(Stored items)
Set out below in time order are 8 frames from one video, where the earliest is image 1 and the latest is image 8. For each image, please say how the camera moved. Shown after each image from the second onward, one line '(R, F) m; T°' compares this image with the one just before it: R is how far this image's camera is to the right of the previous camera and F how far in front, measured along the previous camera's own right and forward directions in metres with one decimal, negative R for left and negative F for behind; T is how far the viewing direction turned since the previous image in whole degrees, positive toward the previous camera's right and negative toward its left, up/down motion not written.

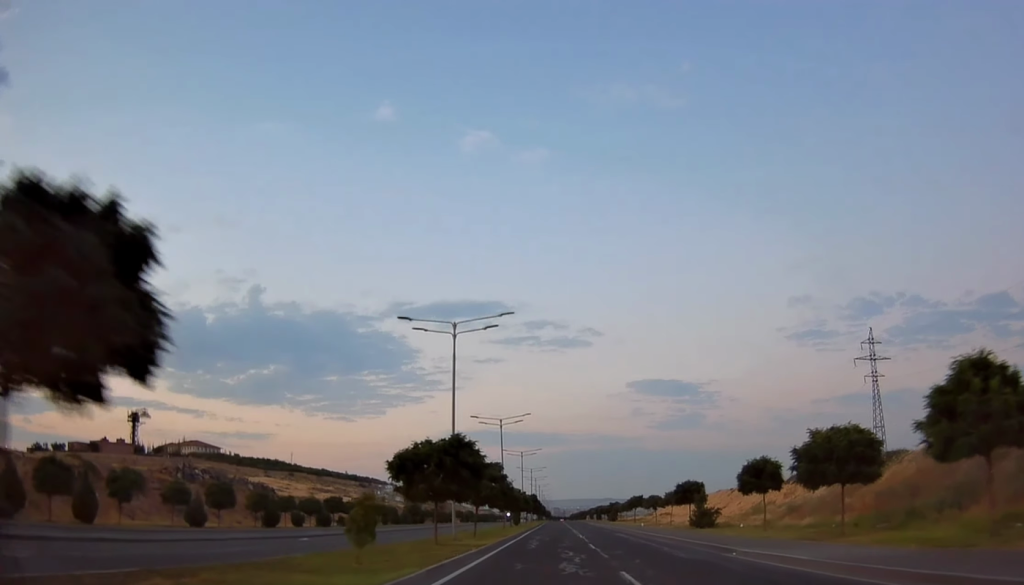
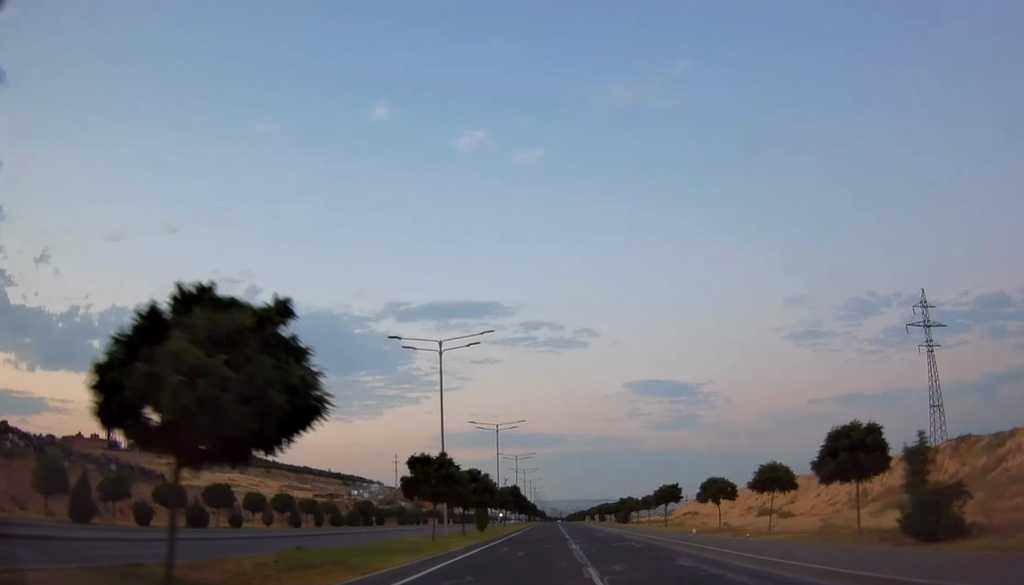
(+0.5, +27.2) m; +2°
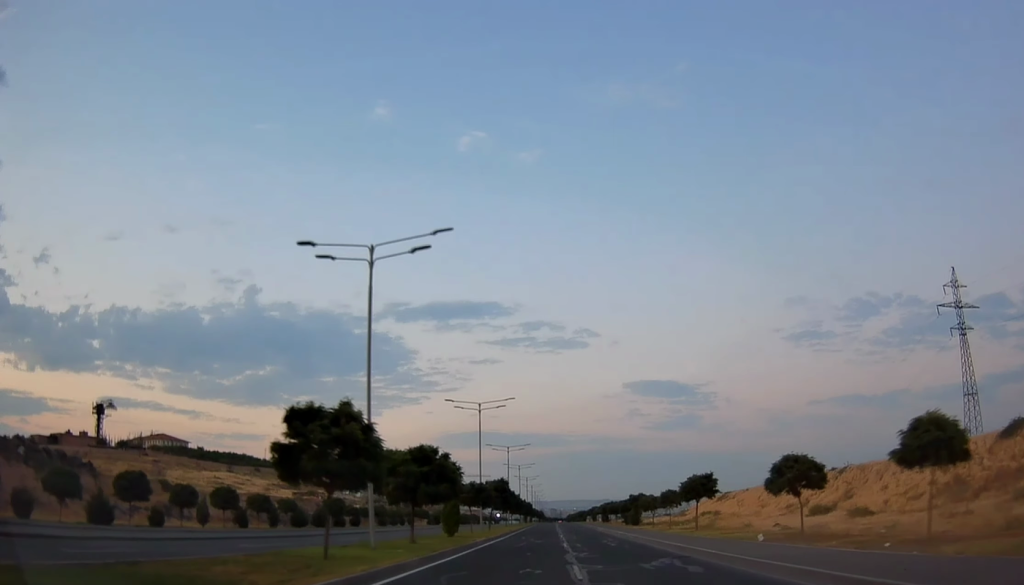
(-0.1, +12.3) m; -2°
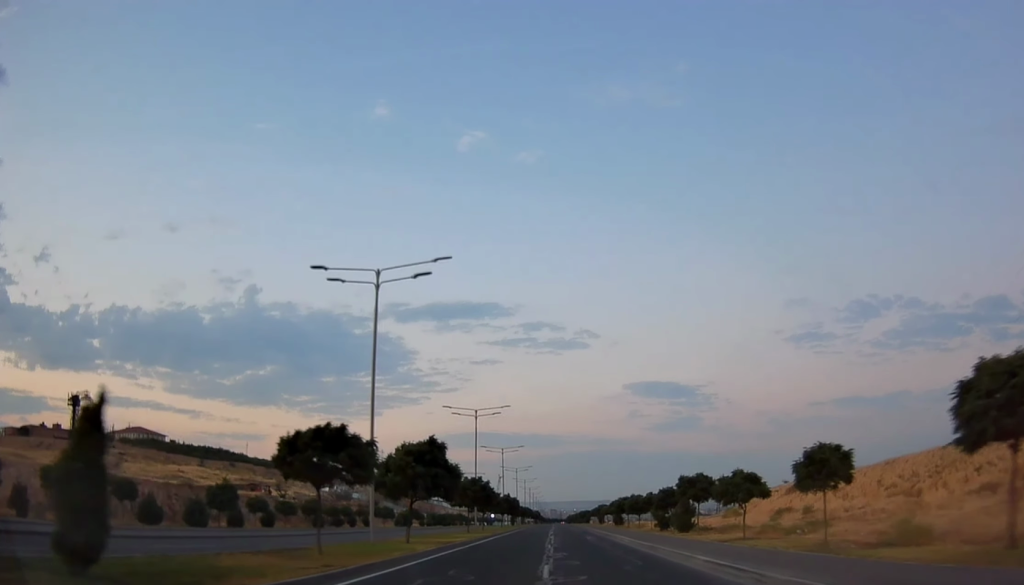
(-0.5, +28.3) m; +1°
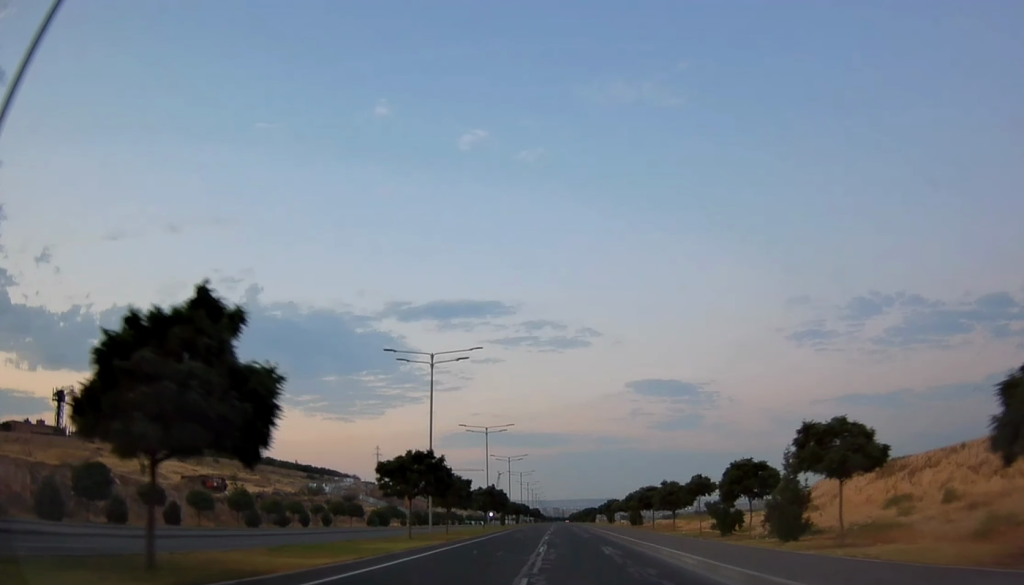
(+0.6, +18.1) m; +1°
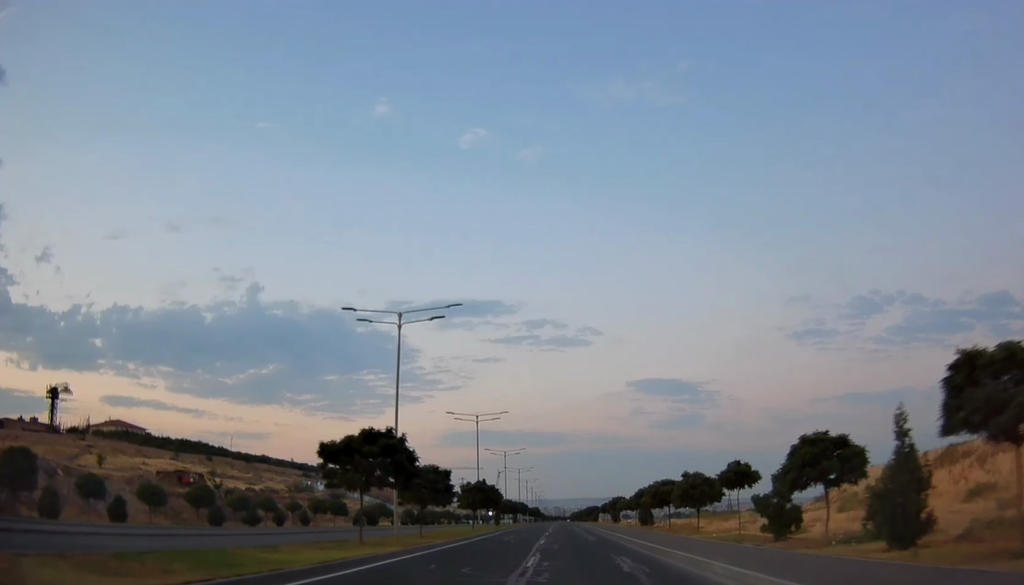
(-0.2, +7.3) m; -1°
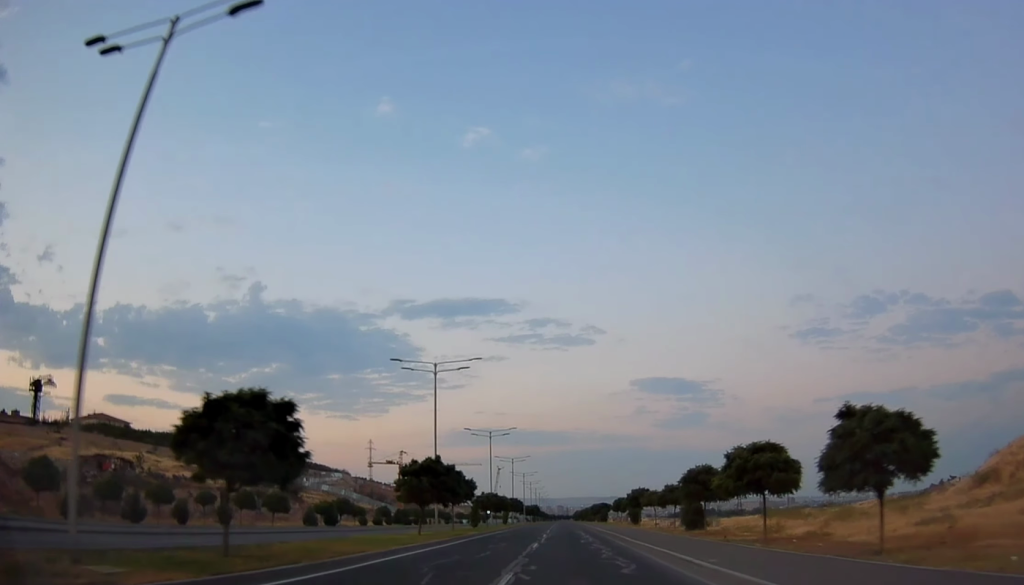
(-0.3, +19.5) m; 0°
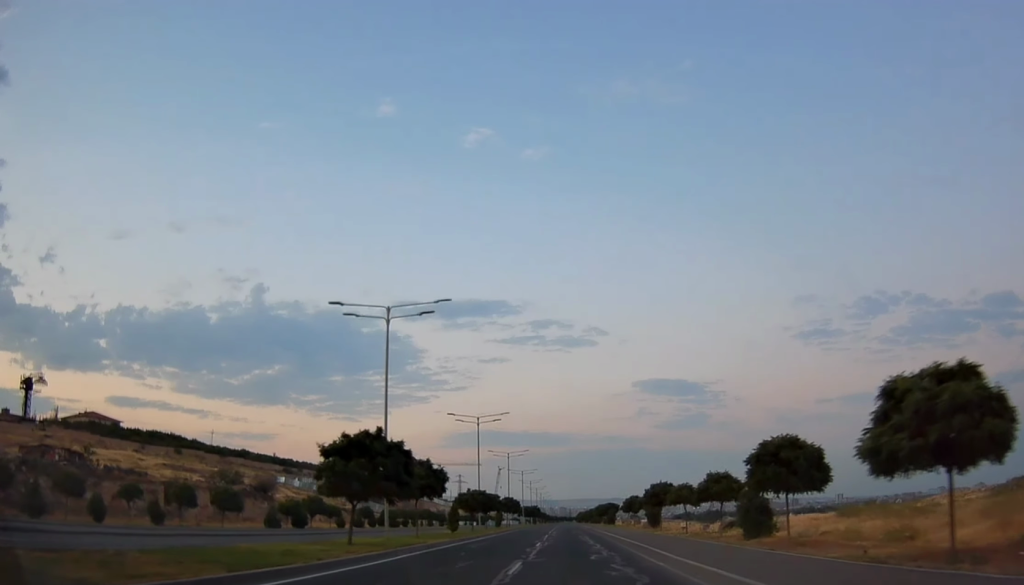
(+0.1, +11.0) m; 0°
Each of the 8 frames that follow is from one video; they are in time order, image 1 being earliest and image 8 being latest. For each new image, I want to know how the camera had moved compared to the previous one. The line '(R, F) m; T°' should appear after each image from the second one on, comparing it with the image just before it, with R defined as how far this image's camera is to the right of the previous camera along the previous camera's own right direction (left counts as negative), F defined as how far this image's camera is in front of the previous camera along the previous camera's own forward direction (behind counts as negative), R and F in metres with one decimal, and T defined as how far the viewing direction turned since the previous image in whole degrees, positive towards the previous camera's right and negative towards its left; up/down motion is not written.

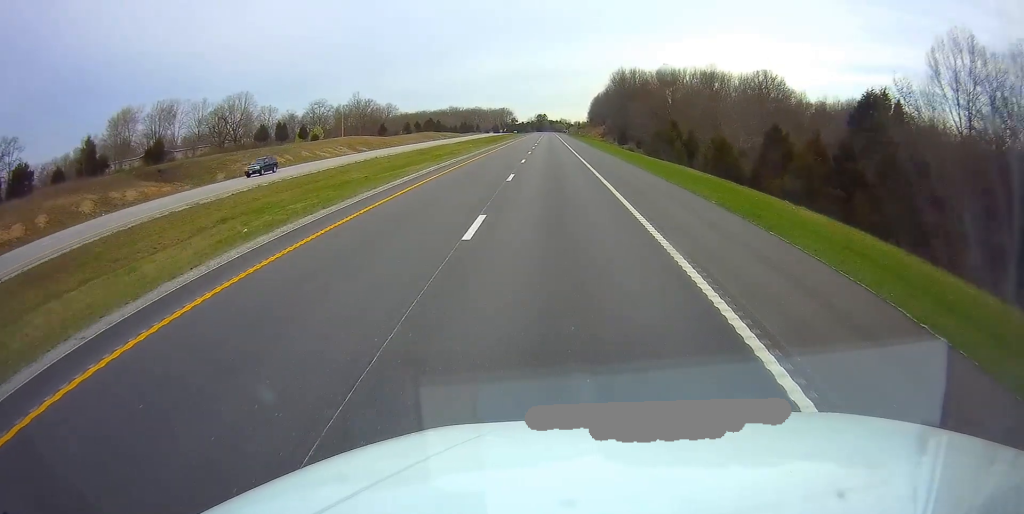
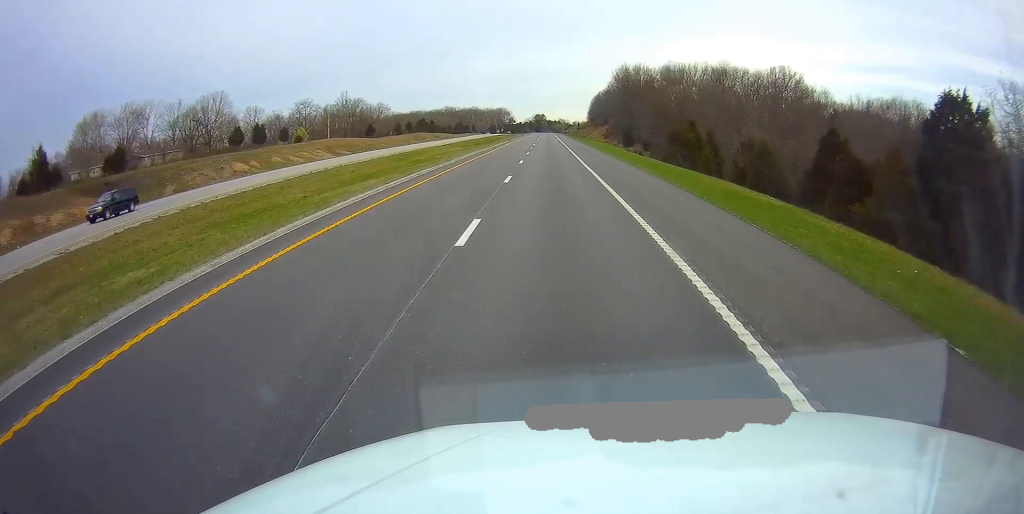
(0.0, +12.3) m; 0°
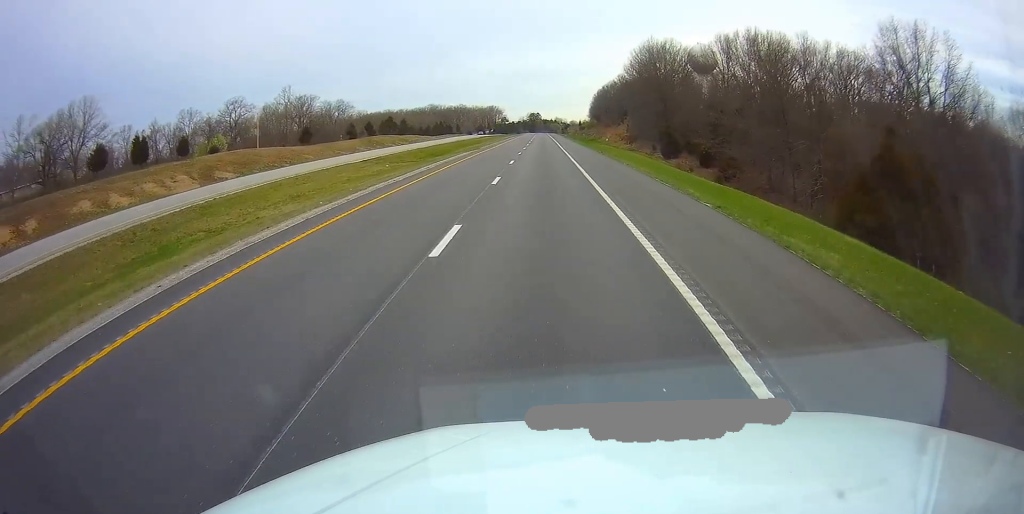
(+0.2, +48.2) m; 0°
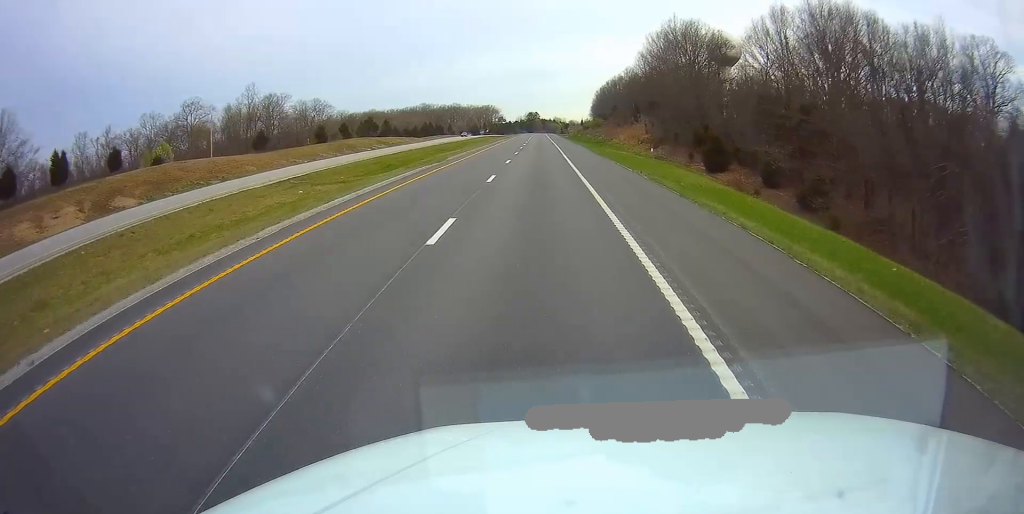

[How to complete this task]:
Repeat each entry precisely as it appears. Leave the pictures out.

[Expected answer]:
Set out below in time order are 8 frames from one video, where the earliest is image 1 and the latest is image 8. For each image, please say how the camera moved. Shown after each image from the second onward, one line '(R, F) m; T°' compares this image with the one just before it: R is how far this image's camera is to the right of the previous camera and F how far in front, measured along the previous camera's own right and forward directions in metres with one decimal, negative R for left and negative F for behind; T is how far the viewing direction turned since the previous image in whole degrees, positive toward the previous camera's right and negative toward its left, up/down motion not written.

(+0.5, +27.2) m; +2°
(-0.1, +12.3) m; -2°
(-0.5, +28.3) m; +1°
(+0.6, +18.1) m; +1°
(-0.2, +7.3) m; -1°
(-0.3, +19.5) m; 0°
(+0.1, +11.0) m; 0°
Each of the 8 frames that follow is from one video; they are in time order, image 1 being earliest and image 8 being latest. For each new image, I want to know how the camera had moved compared to the previous one. The line '(R, F) m; T°' should appear after each image from the second one on, comparing it with the image just before it, with R defined as how far this image's camera is to the right of the previous camera along the previous camera's own right direction (left counts as negative), F defined as how far this image's camera is in front of the previous camera along the previous camera's own forward direction (behind counts as negative), R and F in metres with one decimal, and T defined as how far the viewing direction turned since the previous image in whole degrees, positive towards the previous camera's right and negative towards its left; up/down motion is not written.

(0.0, +12.3) m; 0°
(+0.2, +48.2) m; 0°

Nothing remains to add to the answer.